I have a white rat with red eyes who isn't albino though...? I thought this too until I got her. Her eyes are a bit darker red, I thought they were ruby but people said no she's a PEW...but she isn't albino?


-Rats are my life-


----------



## Eden10

Pretty confusing as to what would be considered albino? The pic of the rat I posted looks albino to me...that's how I would picture a true albino rat but idk haha.Just wanted to update that Gomez is a big love bug, let him out with me last night for one on one (Festers turn tonight) and even tho I can tell he doesn't 100% trust me yet, he kept climbing all over me and giving me lots of kisses and bruxxing is it? (grinding his teeth) He doesn't seem to mind being picked up, altho he's a baby and would rather be running around lol. Not a snuggle bug just yet...but a love bug yes!


----------



## PrincessRat

Eden10 said:


> Pretty confusing as to what would be considered albino?
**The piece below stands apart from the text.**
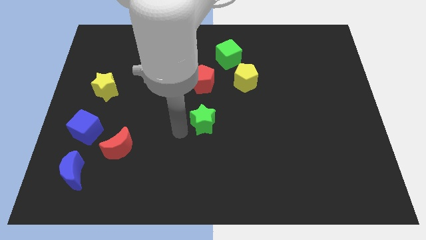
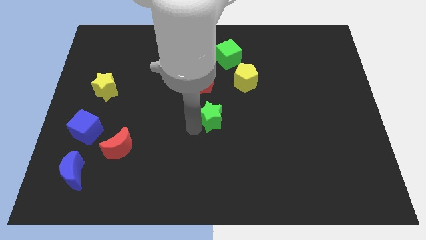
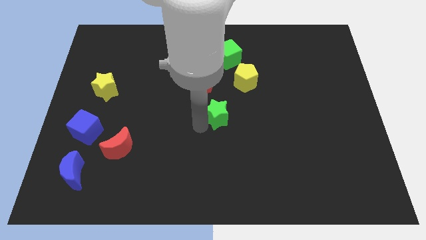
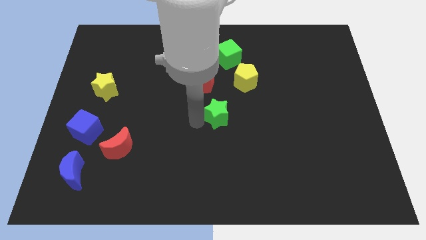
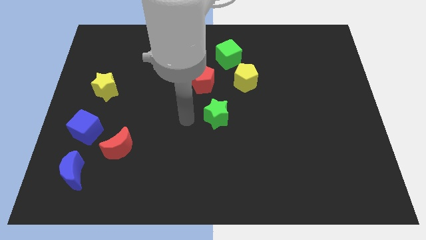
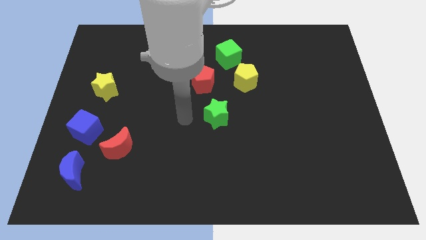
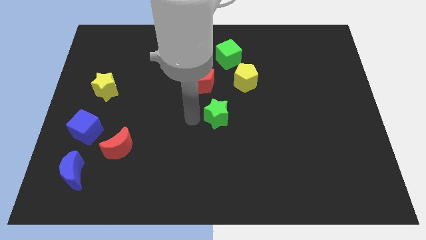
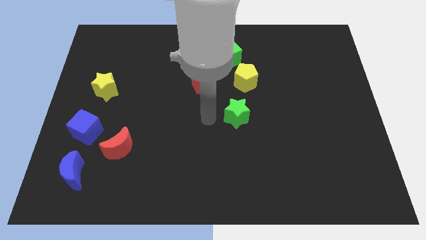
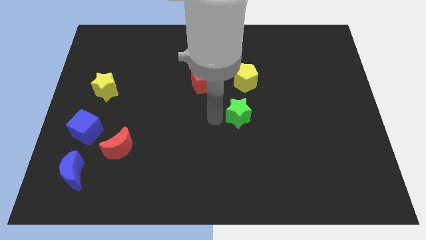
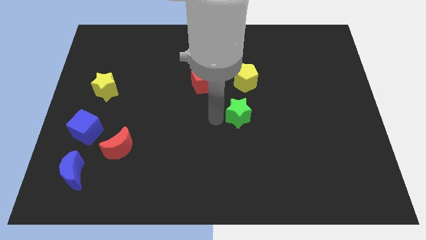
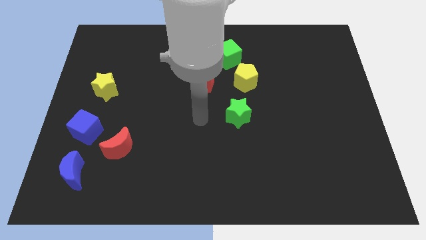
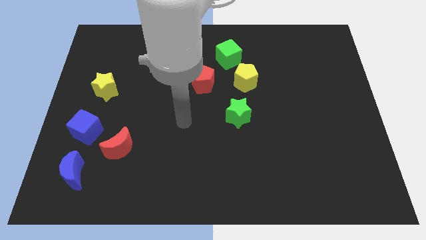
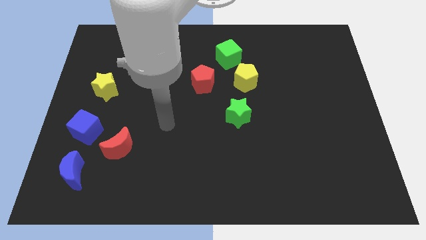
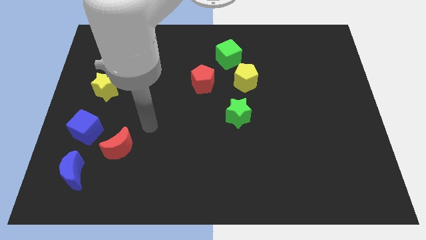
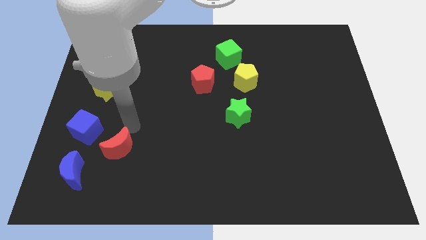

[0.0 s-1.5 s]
push the green star towards the bottom of the yellow pentagon

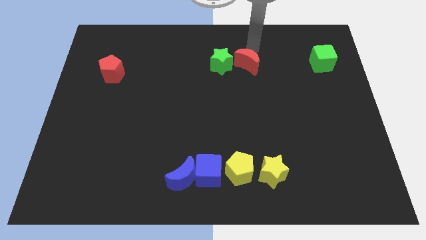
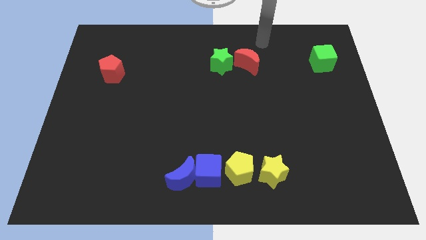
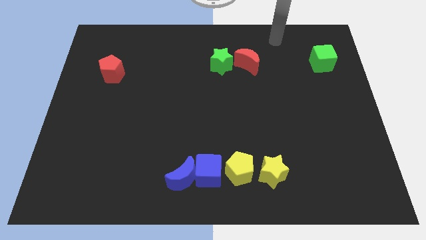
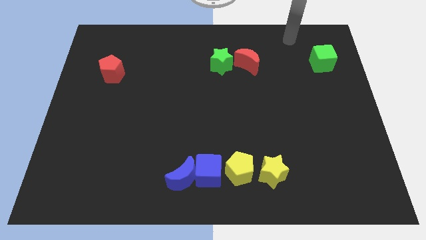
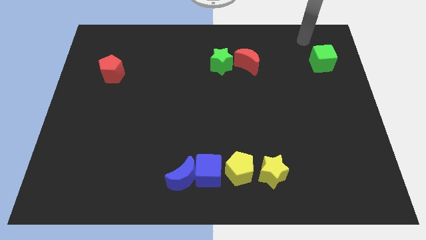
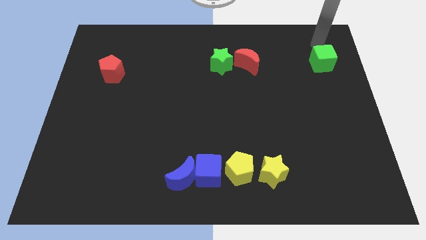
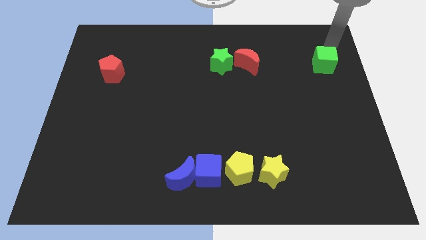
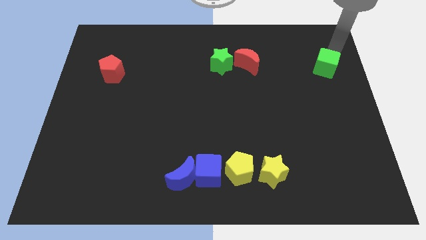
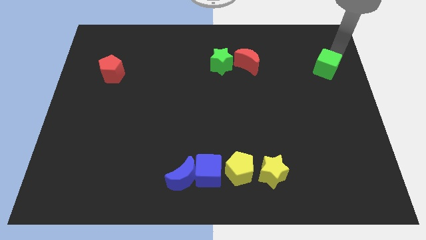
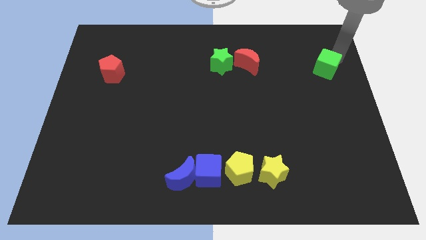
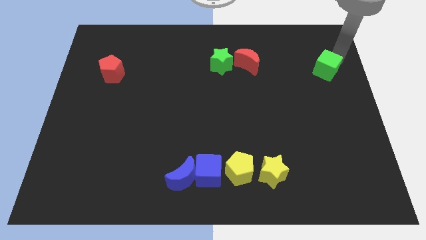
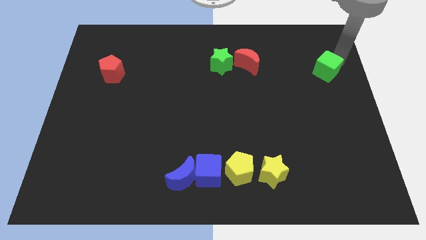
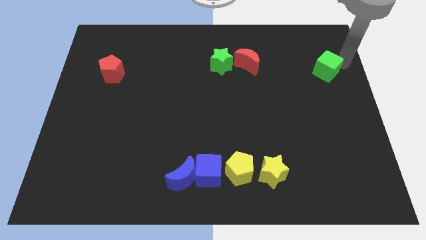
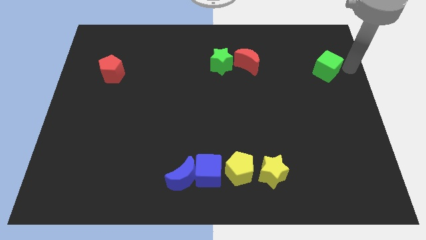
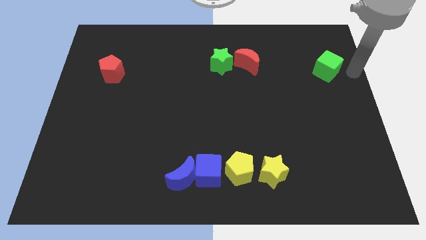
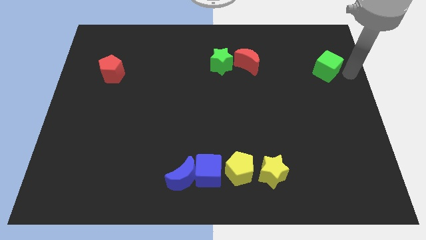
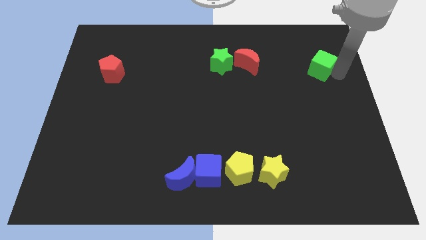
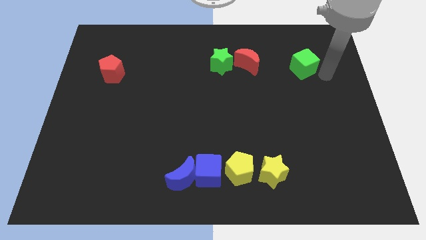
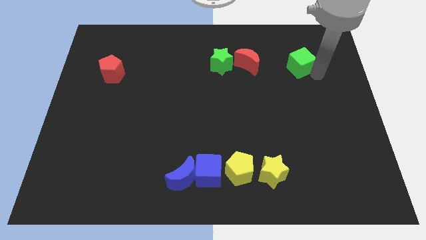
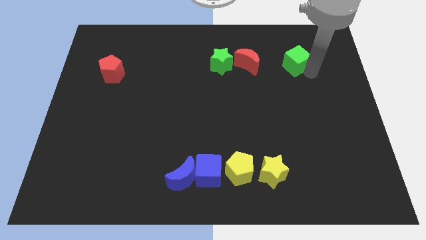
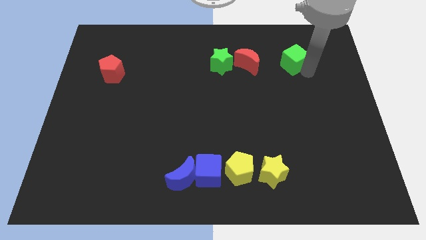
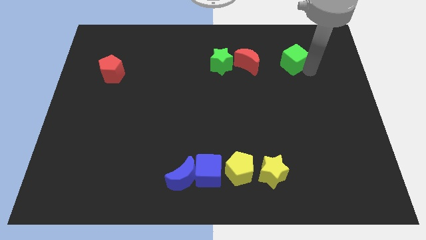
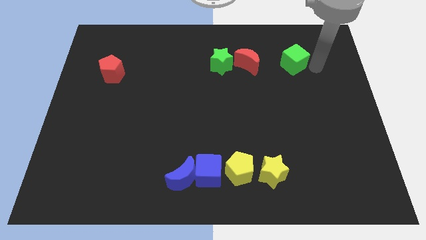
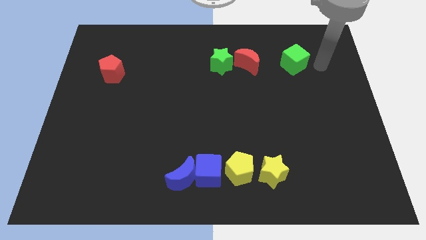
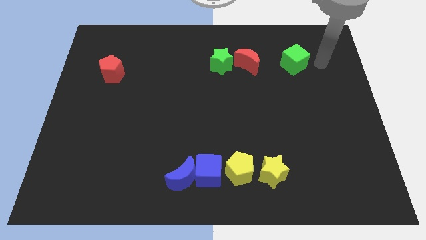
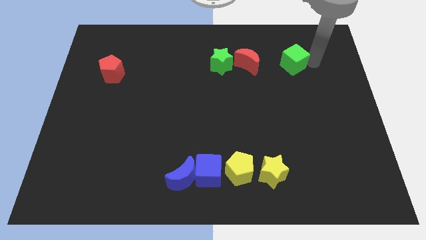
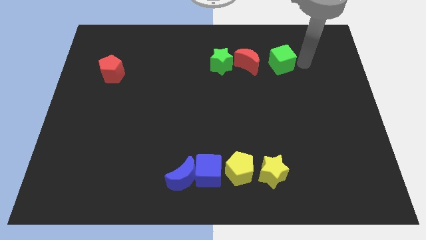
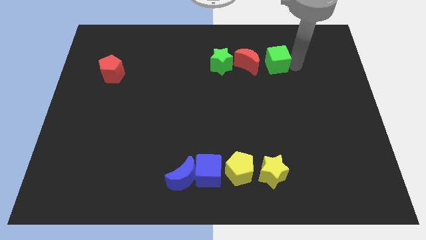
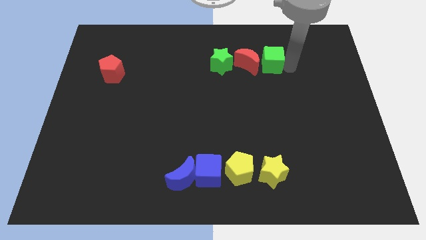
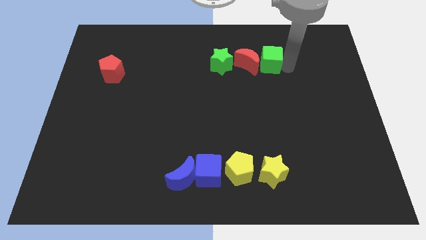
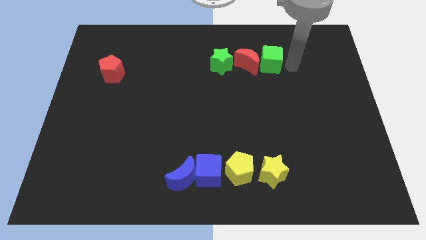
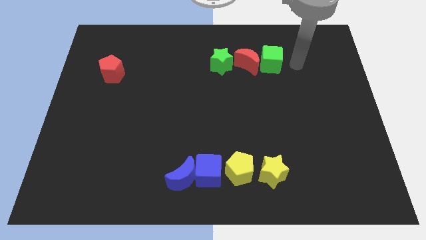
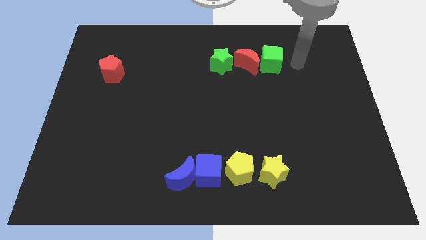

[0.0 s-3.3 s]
move the green cube right to the red crescent

The pic of the rat I posted looks albino to me...that's how I would picture a true albino rat but idk haha.Just wanted to update that Gomez is a big love bug, let him out with me last night for one on one (Festers turn tonight) and even tho I can tell he doesn't 100% trust me yet, he kept climbing all over me and giving me lots of kisses and bruxxing is it? (grinding his teeth) He doesn't seem to mind being picked up, altho he's a baby and would rather be running around lol. Not a snuggle bug just yet...but a love bug yes!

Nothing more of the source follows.